>>>

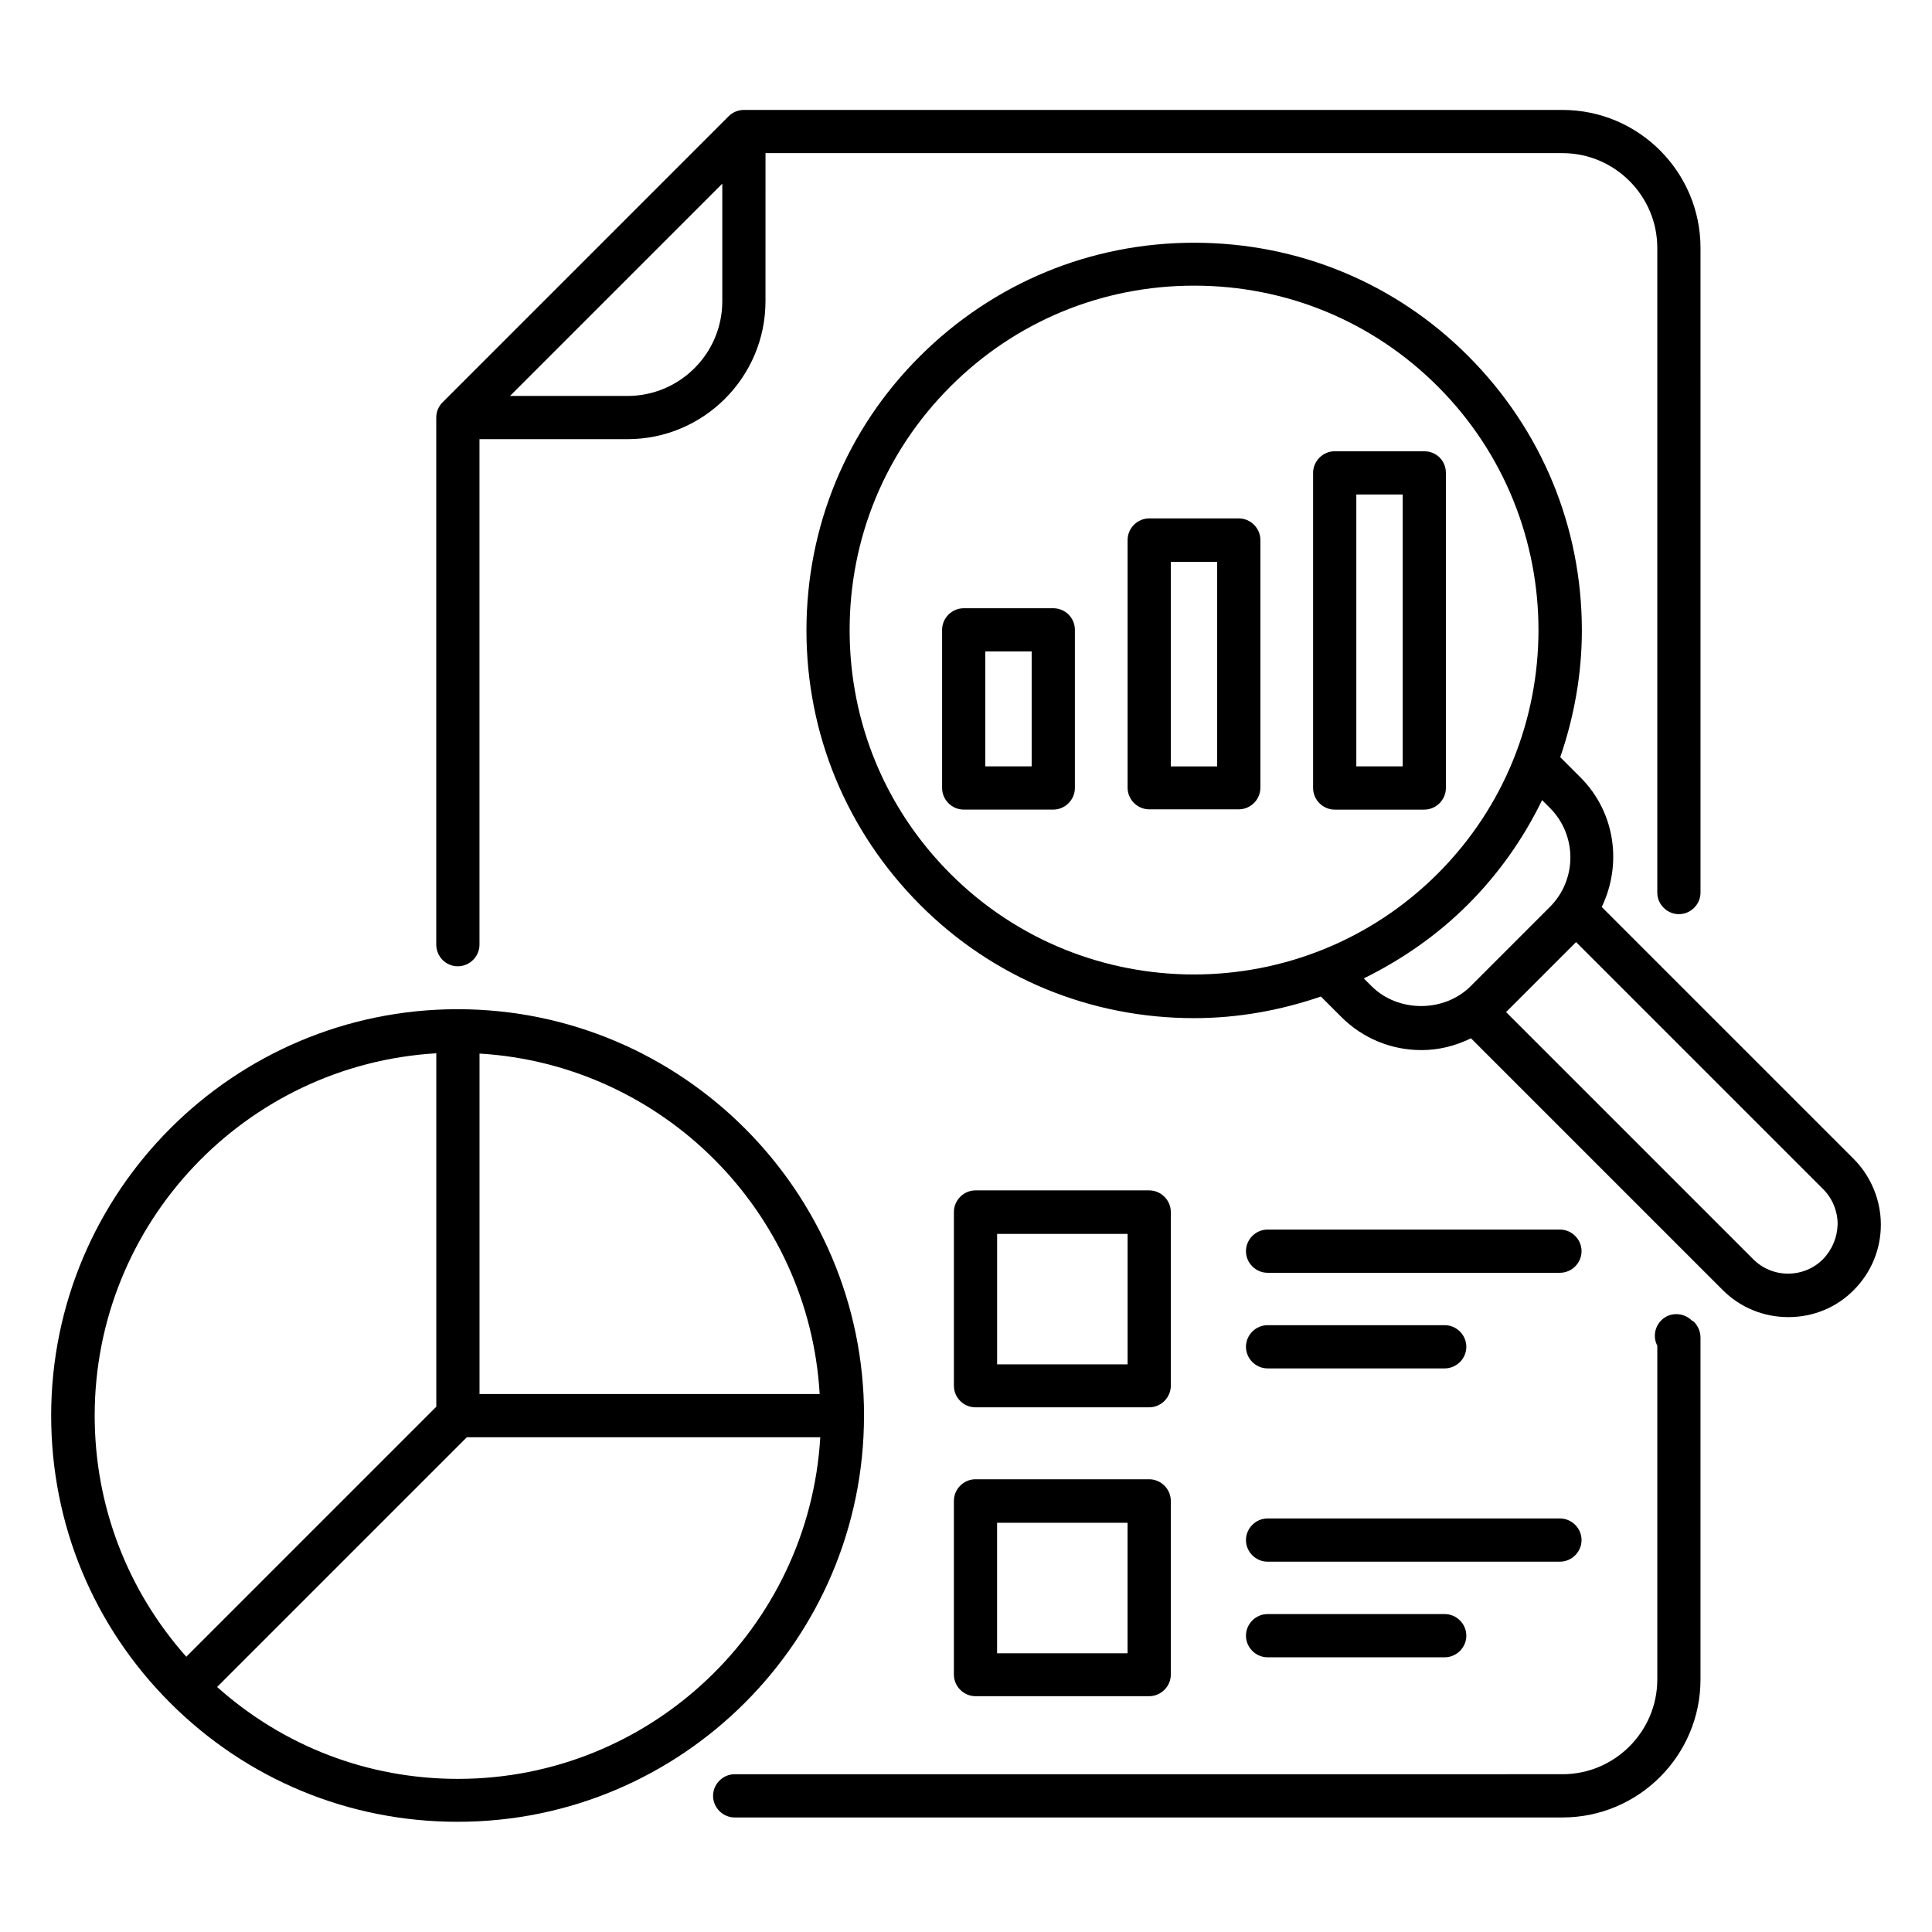 <?xml version="1.0" encoding="UTF-8"?>
<!-- Uploaded to: ICON Repo, www.svgrepo.com, Generator: ICON Repo Mixer Tools -->
<svg fill="#000000" width="800px" height="800px" version="1.1" viewBox="144 144 512 512" xmlns="http://www.w3.org/2000/svg">
 <g>
  <path d="m635.19 451.07-66.715-66.715c5.418-11.223 3.664-25.039-5.648-34.352l-5.344-5.344c3.664-10.688 5.727-21.984 5.727-33.586 0-27.48-10.688-53.207-30.074-72.672-19.391-19.465-45.191-30.074-72.672-30.074-27.48 0-53.207 10.688-72.672 30.074-19.465 19.391-30.074 45.191-30.074 72.672 0 27.48 10.688 53.207 30.074 72.672 19.391 19.465 45.191 30.074 72.672 30.074 11.602 0 22.902-2.062 33.586-5.727l5.418 5.418c5.648 5.648 13.207 8.777 21.223 8.777 4.656 0 9.082-1.145 13.129-3.129l66.715 66.715c4.656 4.656 10.84 7.176 17.406 7.176s12.746-2.519 17.328-7.176c4.656-4.656 7.176-10.84 7.176-17.328-0.004-6.484-2.598-12.82-7.254-17.477zm-239.31-75.496c-17.25-17.25-26.719-40.152-26.719-64.578 0-24.426 9.465-47.328 26.719-64.578 17.25-17.25 40.152-26.719 64.578-26.719s47.328 9.465 64.578 26.719c35.57 35.57 35.57 93.512 0 129.08-35.645 35.648-93.582 35.648-129.16 0.074zm111.6 29.773-2.062-2.062c10.078-4.961 19.465-11.449 27.633-19.617 8.168-8.168 14.734-17.559 19.617-27.633l2.062 2.062c7.25 7.25 7.25 19.008 0 26.258l-20.992 20.992c-7.019 7.019-19.234 7.019-26.258 0zm119.62 72.363c-2.441 2.441-5.727 3.816-9.238 3.816s-6.793-1.375-9.238-3.816l-65.496-65.496 18.551-18.551 65.496 65.496c2.441 2.441 3.816 5.801 3.816 9.238-0.074 3.512-1.445 6.793-3.891 9.312z"/>
  <path d="m423.13 305.19h-23.738c-3.129 0-5.727 2.594-5.727 5.727v41.906c0 3.129 2.594 5.727 5.727 5.727h23.738c3.129 0 5.727-2.594 5.727-5.727v-41.906c-0.004-3.207-2.598-5.727-5.727-5.727zm-5.727 41.906h-12.289v-30.457h12.289z"/>
  <path d="m472.29 281.38h-23.738c-3.129 0-5.727 2.594-5.727 5.727v65.648c0 3.129 2.594 5.727 5.727 5.727h23.738c3.129 0 5.727-2.594 5.727-5.727v-65.648c-0.004-3.133-2.598-5.727-5.727-5.727zm-5.727 65.723h-12.289v-54.199h12.289z"/>
  <path d="m521.45 263.59h-23.738c-3.129 0-5.727 2.594-5.727 5.727v83.512c0 3.129 2.594 5.727 5.727 5.727h23.738c3.129 0 5.727-2.594 5.727-5.727v-83.516c0-3.207-2.519-5.723-5.727-5.723zm-5.723 83.508h-12.289v-72.059h12.289z"/>
  <path d="m402.52 516.95h46.031c3.129 0 5.727-2.594 5.727-5.727v-46.031c0-3.129-2.594-5.727-5.727-5.727h-46.031c-3.129 0-5.727 2.594-5.727 5.727v46.031c0.004 3.207 2.598 5.727 5.727 5.727zm5.727-45.957h34.578v34.578h-34.578z"/>
  <path d="m479.92 481.3h77.48c3.129 0 5.727-2.594 5.727-5.727 0-3.129-2.594-5.727-5.727-5.727h-77.48c-3.129 0-5.727 2.594-5.727 5.727 0 3.129 2.598 5.727 5.727 5.727z"/>
  <path d="m479.92 506.64h46.945c3.129 0 5.727-2.594 5.727-5.727 0-3.129-2.594-5.727-5.727-5.727h-46.945c-3.129 0-5.727 2.594-5.727 5.727 0 3.133 2.598 5.727 5.727 5.727z"/>
  <path d="m396.79 587.78c0 3.129 2.594 5.727 5.727 5.727h46.031c3.129 0 5.727-2.594 5.727-5.727v-46.031c0-3.129-2.594-5.727-5.727-5.727h-46.031c-3.129 0-5.727 2.594-5.727 5.727zm11.449-40.227h34.578v34.578h-34.578z"/>
  <path d="m479.92 557.86h77.48c3.129 0 5.727-2.594 5.727-5.727 0-3.129-2.594-5.727-5.727-5.727l-77.48 0.004c-3.129 0-5.727 2.594-5.727 5.727 0 3.125 2.598 5.723 5.727 5.723z"/>
  <path d="m479.92 583.2h46.945c3.129 0 5.727-2.594 5.727-5.727 0-3.129-2.594-5.727-5.727-5.727h-46.945c-3.129 0-5.727 2.594-5.727 5.727 0 3.129 2.598 5.727 5.727 5.727z"/>
  <path d="m372.98 519.16c0-59.387-48.32-107.71-107.71-107.71s-107.71 48.32-107.71 107.71c0 28.777 11.223 55.801 31.527 76.105 20.305 20.305 47.402 31.527 76.105 31.527 59.461 0.078 107.78-48.242 107.78-107.63zm-11.758-5.723h-90.148v-90.23c48.473 2.902 87.324 41.758 90.148 90.23zm-101.6-90.305v93.66l-66.258 66.258c-15.648-17.633-24.273-40.074-24.273-63.891 0-51.145 40.074-93.051 90.531-96.027zm5.727 192.29c-23.816 0-46.184-8.625-63.816-24.352l66.184-66.184h93.664c-2.981 50.461-44.887 90.535-96.031 90.535z"/>
  <path d="m592.36 493.96c-2.215-2.215-5.879-2.289-8.09-0.078-1.832 1.832-2.215 4.582-1.07 6.719v88.473c0 13.816-11.297 25.113-25.113 25.113l-219.39 0.004c-3.129 0-5.727 2.594-5.727 5.727 0 3.129 2.594 5.727 5.727 5.727h219.39c20.152 0 36.562-16.41 36.562-36.562v-90.617c0-1.527-0.609-2.977-1.68-4.121-0.305-0.227-0.609-0.457-0.609-0.383z"/>
  <path d="m265.34 400.07c3.129 0 5.727-2.594 5.727-5.727v-133.96h39.234c20.152 0 36.562-16.41 36.562-36.562l0.004-39.238h211.22c13.816 0 25.113 11.297 25.113 25.113v170.84c0 3.129 2.594 5.727 5.727 5.727 3.129 0 5.727-2.594 5.727-5.727l-0.004-170.84c0-20.152-16.41-36.562-36.562-36.562h-216.95c-1.527 0-2.977 0.609-4.047 1.68l-75.801 75.801c-1.07 1.07-1.68 2.519-1.68 4.047v139.62c0 3.203 2.519 5.797 5.727 5.797zm44.961-151.14h-31.145l56.258-56.258v31.145c0 13.891-11.297 25.113-25.113 25.113z"/>
 </g>
</svg>

<<<

Copy the stretch of the records above that runs from the line with "506.64h46.945c3.129 0 5.727-2.594" through the line with "587.78c0 3.129 2.594". Both end lines belong in the copy, and nothing else does.

#### SOLUTION FOR THIS PROBLEM:
  <path d="m479.92 506.64h46.945c3.129 0 5.727-2.594 5.727-5.727 0-3.129-2.594-5.727-5.727-5.727h-46.945c-3.129 0-5.727 2.594-5.727 5.727 0 3.133 2.598 5.727 5.727 5.727z"/>
  <path d="m396.79 587.78c0 3.129 2.594 5.727 5.727 5.727h46.031c3.129 0 5.727-2.594 5.727-5.727v-46.031c0-3.129-2.594-5.727-5.727-5.727h-46.031c-3.129 0-5.727 2.594-5.727 5.727zm11.449-40.227h34.578v34.578h-34.578z"/>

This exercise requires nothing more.